There is a great variety of possible methods for staff line removal and
not all are appropriate for all circumstances. Not all images are as
perfect as the example above and staff line removal can also be applied
to something different than common music notation (eg. lute tablature or
text documents with underlined sections).
What is this toolkit?
This toolkit is a python library for experimenting with different
methods for staff removal from digital images of sheet music. It is based
on and requires the
Gamera document
image analysis framework.
It provides
- methods for removing staff lines and querying their position afterwards
- a plugin mechanism for adding own staff line removal algorithm
Documentation
You can browse the docs here online.
Moreover html documentation is
included in the doc/html subdirectory of the MusicStaves toolkit
source distribution.
For experimental results and a qualitative comparison of the different
algorithms, see the experimental results and test images
below.
Authors
Software
The source code of our software is available under the terms of the GNU
General Public License. File releases of stable versions are available below.

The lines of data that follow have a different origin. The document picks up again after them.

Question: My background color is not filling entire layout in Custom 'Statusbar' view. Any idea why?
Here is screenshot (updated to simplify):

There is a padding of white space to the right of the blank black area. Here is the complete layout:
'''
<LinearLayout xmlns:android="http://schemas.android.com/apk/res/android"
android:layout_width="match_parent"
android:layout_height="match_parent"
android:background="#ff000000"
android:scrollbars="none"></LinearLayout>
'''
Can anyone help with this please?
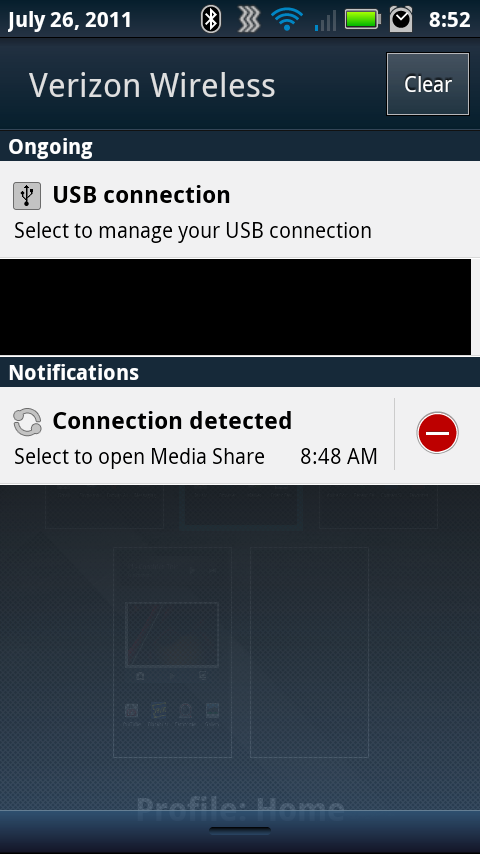
Answer: I spoke with Google developers directly and this is how this view is intended. Because I chose a black background it is visible. Google suggests sticking with the default background color which in turn does not show this space.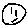
Label: circle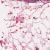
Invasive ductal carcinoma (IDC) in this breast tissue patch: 0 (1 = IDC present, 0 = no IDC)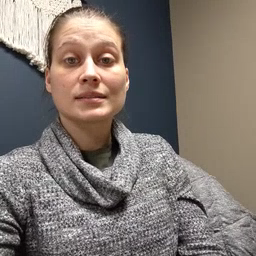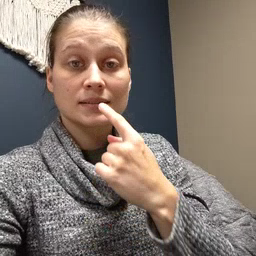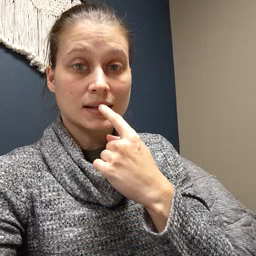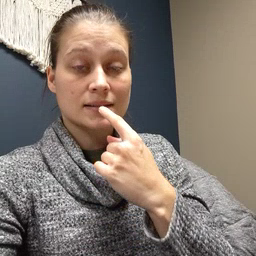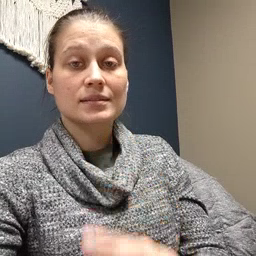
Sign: tongue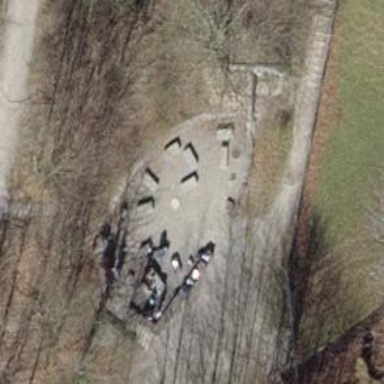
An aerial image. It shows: Bench.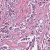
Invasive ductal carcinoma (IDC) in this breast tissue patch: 1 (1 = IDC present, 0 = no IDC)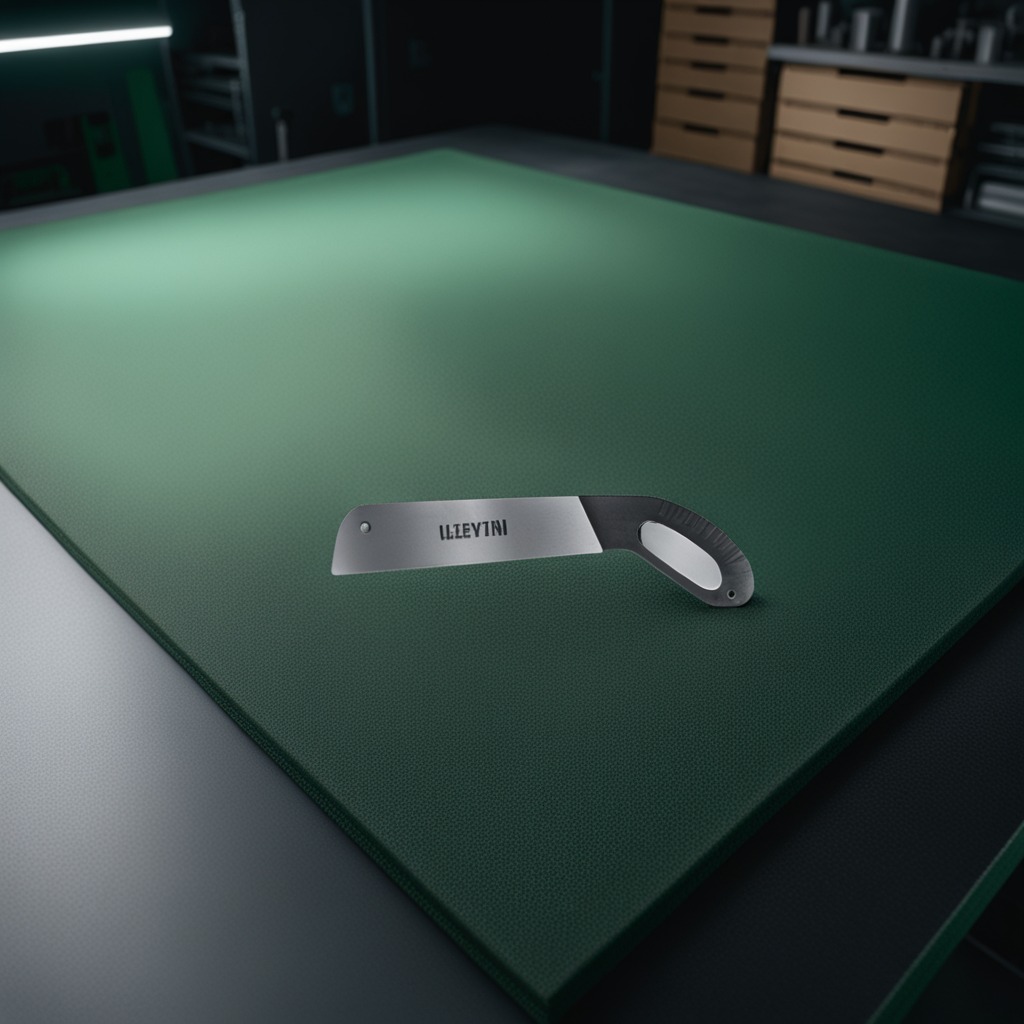
A metal saw is lying on the green rubber mat.
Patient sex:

Moreover you can get a development snapshot via CVS access from the
MusicStaves SourceForge site.
In short, you obtain the source code with the following two commands:
cvs -d:pserver:anonymous@music-staves.cvs.sourceforge.net:/cvsroot/music-staves login
cvs -z3 -d:pserver:anonymous@music-staves.cvs.sourceforge.net:/cvsroot/music-staves co -P music-staves
When asked for a password by the first command (login), just press
ENTER. Note that the login command does not perform a login and
start a session. It will instead store login information somewhere in your
home directory and return immediately. Future checkouts will then no longer
require the login command.
Note that all releases are source code releases and require a working
installation of a sufficiently recent Gamera CVS version. See the
documentation how to build and install from the sources.
Prerequisites
The recognition system requires a working installation of the Gamera framework
for document analysis and recognition. See the
Gamera homepage
for information how to obtain and install Gamera. The GUI part of the toolkit
requires wxPython 2.5 or later (preferably 2.6 or 2.8).
Downloads
On MacOS X and Linux, download the source code package and install it with
python setup.py build && sudo python setup.py install. See the
documentation for more information on building
and installing this toolkit from the sources. On Windows, you can either
use the source package or the binary installer.
Source code:
- MusicStaves-1.3.4.tar.gz
(Apr 17 2009)
Binary installer for Windows:
- musicstaves-1.3.4.win32-py2.5.exe
for Python 2.5 (Apr 17 2009)
The documentation is included in the source package, but not in the binary
installer. If you use the binary installer, you can
download it as a .tar.gz archive.
Experimental results and test images
We have written this toolkit within a research project for the quantitative
performance evaluation of different staff removal algorithms. The results
of this project are summarised in the paper
- C. Dalitz, M. Droettboom, B. Pranzas, I. Fujinaga:
A Comparative
Study of Staff Removal Algorithms. IEEE Transactions on Pattern
Analysis and Machine Intelligence, vol. 30, no. 5, pp. 753-766, May 2008.
The above link requires subscription; there is also a
selfarchived version
of this paper available.
Here are the test images used in this paper:
- testset.tar.gz
All images have been either created by ourselves or have been taken from
sources which explicitly allow their use under a sufficiently free license
(like Mutopia).
See the files Readme and License for details.